If someone could walk me through this I would greatly appreciate it.

Disprove the following statement:

If $f : X \rightarrow Y$ is a function and $A$, $B$ are subsets of $X$ then $f(A \cap B) = f(A) \cap f(B)$.

Answer 1

$f(x) = x^2$, $A = [-1,0],B = [0,1]$.

$f(A\cap B) = f(\{0\}) = \{0\}$

But $f(A)\cap f(B) = [0,1]$

Answer 2

The other answers find counterexample for $f(A\cap B) =f(A)\cap f(B)$, but it is easy to show that $f(A\cap B)\subseteq f(A)\cap f(B)$:

If $A\subseteq B$, then $f(A)\subseteq f(B)$.

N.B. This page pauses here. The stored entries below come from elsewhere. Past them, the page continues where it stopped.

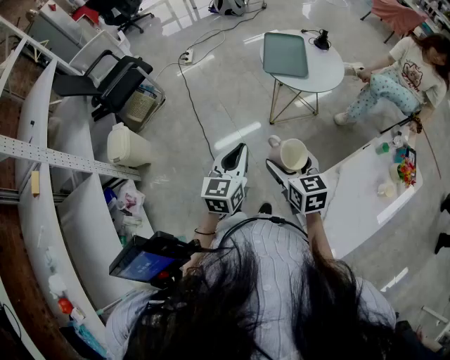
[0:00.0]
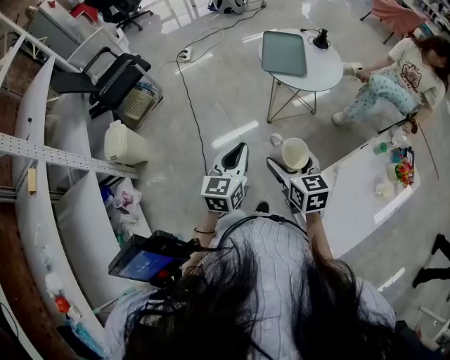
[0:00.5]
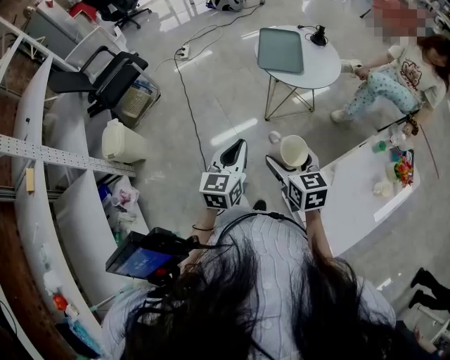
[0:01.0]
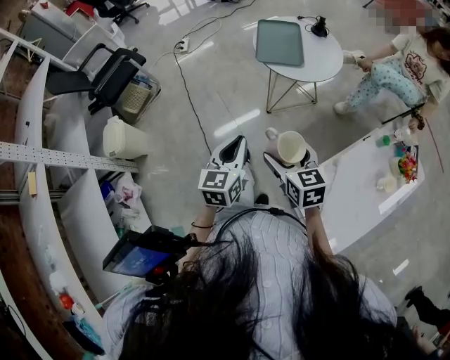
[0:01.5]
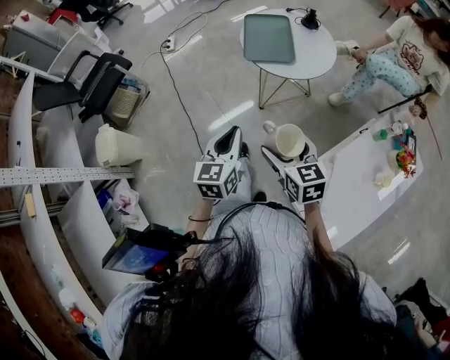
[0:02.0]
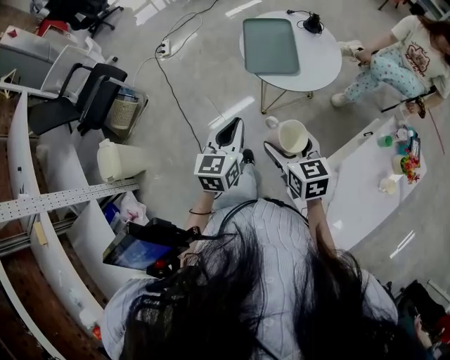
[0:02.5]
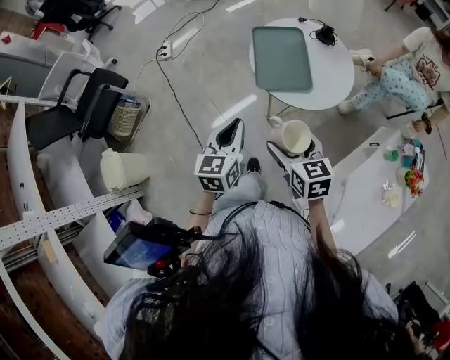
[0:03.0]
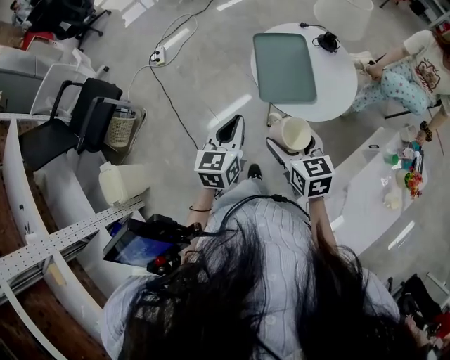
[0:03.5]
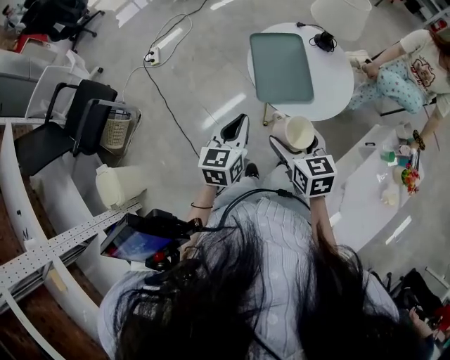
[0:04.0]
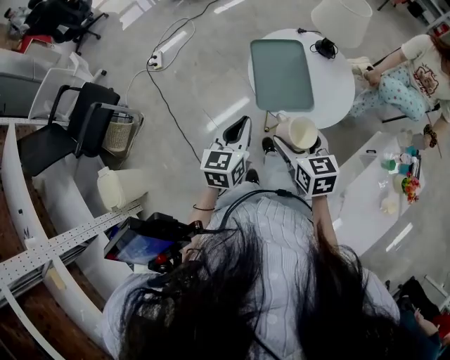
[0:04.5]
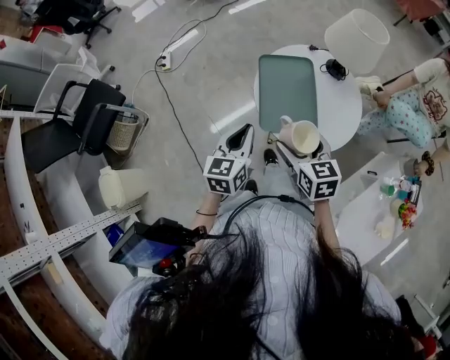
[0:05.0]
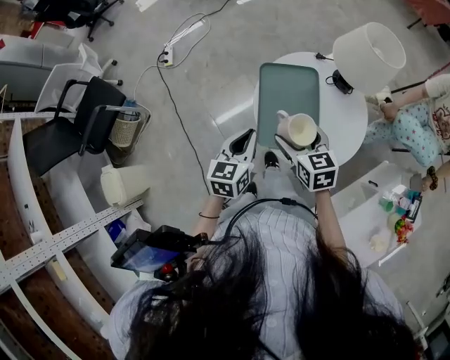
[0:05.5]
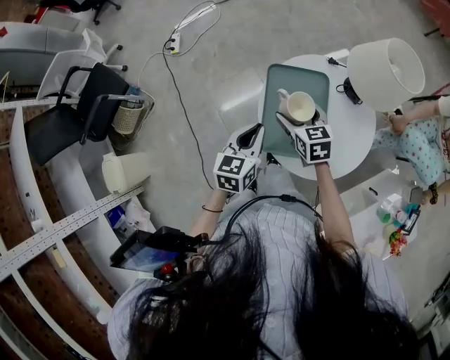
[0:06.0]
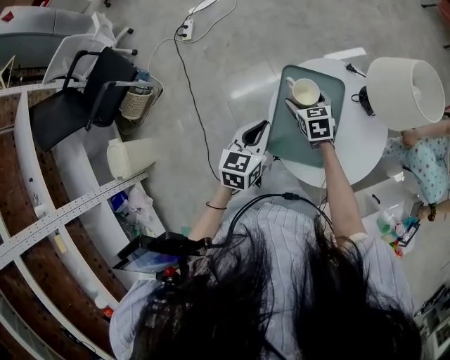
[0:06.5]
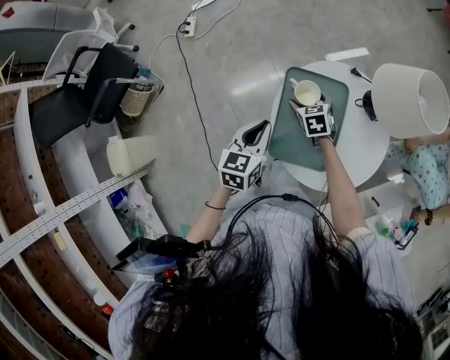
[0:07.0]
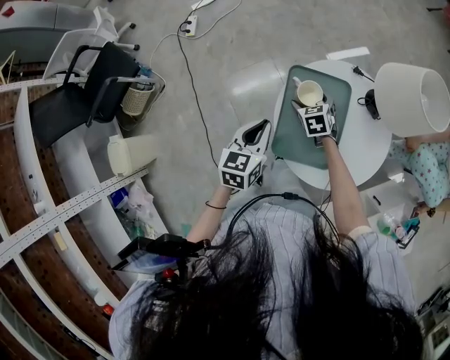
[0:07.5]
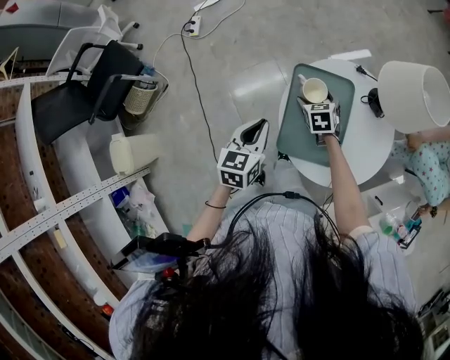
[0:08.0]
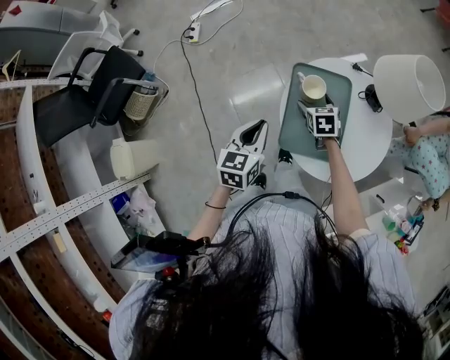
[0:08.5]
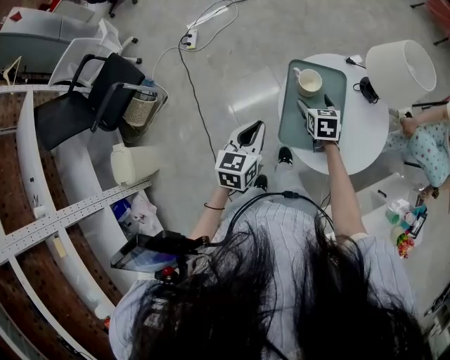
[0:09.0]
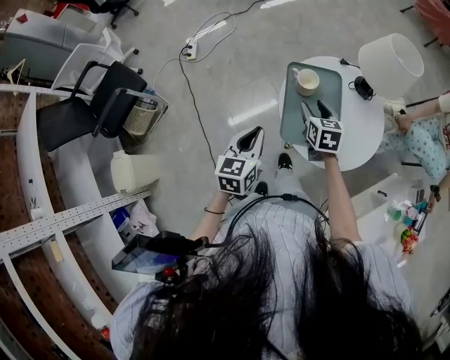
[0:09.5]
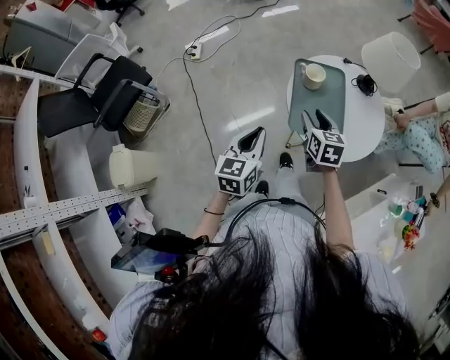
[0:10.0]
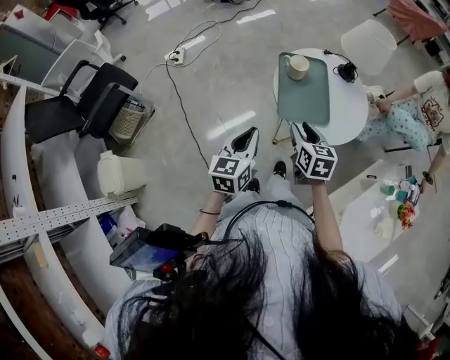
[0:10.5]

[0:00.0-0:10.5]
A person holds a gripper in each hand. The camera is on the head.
0:00.0 to 0:02.0: The grippers both shift forward and to the right by some 10 cm.
0:02.0 to 0:04.0: Both grippers travel together forward, roughly 30 cm.
0:04.0 to 0:06.5: The right gripper heads forward and downward, covering approximately 40 cm, and swivels about 20 degrees, while the left gripper shifts approximately 20 cm forward.
0:06.5 to 0:08.5: The left gripper changes place by approximately 5 cm.
0:08.5 to 0:10.5: The right gripper moves backward and upward, roughly 30 cm, swivels about 30 degrees, and closes its fingers; the left gripper goes some 20 cm backward.

Now, $A\cap B\subseteq A, B$, and thus $f(A\cap B)\subseteq f(A), f(B)\implies f(A\cap B)\subseteq f(A)\cap f(B)$.

Actually, equality holds if and only if $f$ is injective.

Let $f$ be injective and take $y\in f(A)\cap f(B)$. Then, by the definition of image there are $x_A\in A$ and $x_B\in B$ such that $y = f(x_A) = f(x_B)$. By injectivity $x_A = x_B\in A\cap B$. But then $y\in f(A\cap B)$. Hence, $f(A)\cap f(B) \subseteq f(A\cap B)$ and then by the above $f(A)\cap f(B) = f(A\cap B)$.

If $f$ is not injective, choose $x\neq y$ such that $f(x) = f(y)$. Then $f(\{x\}\cap\{y\}) \neq f(\{x\})\cap f(\{y\})$.

Answer 3

$$A=\{0,-1\} \,\, \, , \,\, \, B=\{0,1,-2\}\,\,, \,\, C=\{0,1,-1,-2\}\,\,,D=\{1,2,3\}$$ let $$f:C\to D$$ such that $$f=\{(0,1),(1,1),(-1,3),(-2,3)\}$$ we have $f(A)=\{1,3\}$ , $f(B)=\{1,3\}$ , $f(A\cap B)=\{1\}$ whereas $f(A)\cap f(B)=\{1,3\}$

Generally we have $$f(A\cap B)\subseteq f(A)\cap f(B)$$

Answer 4

Just to give a "minimalist" counterexample that clearly makes use of the hints in the comments: consider $X = \{0,1\}$, let $A = \{0\}$ and $B = \{1\}$. Take $f: X \to X: x \mapsto 0$. Then

$$f(A\cap B) = f(\emptyset) = \emptyset$$

But $$f(A) \cap f(B) = \{0\} \cap \{0\} = \{0\}$$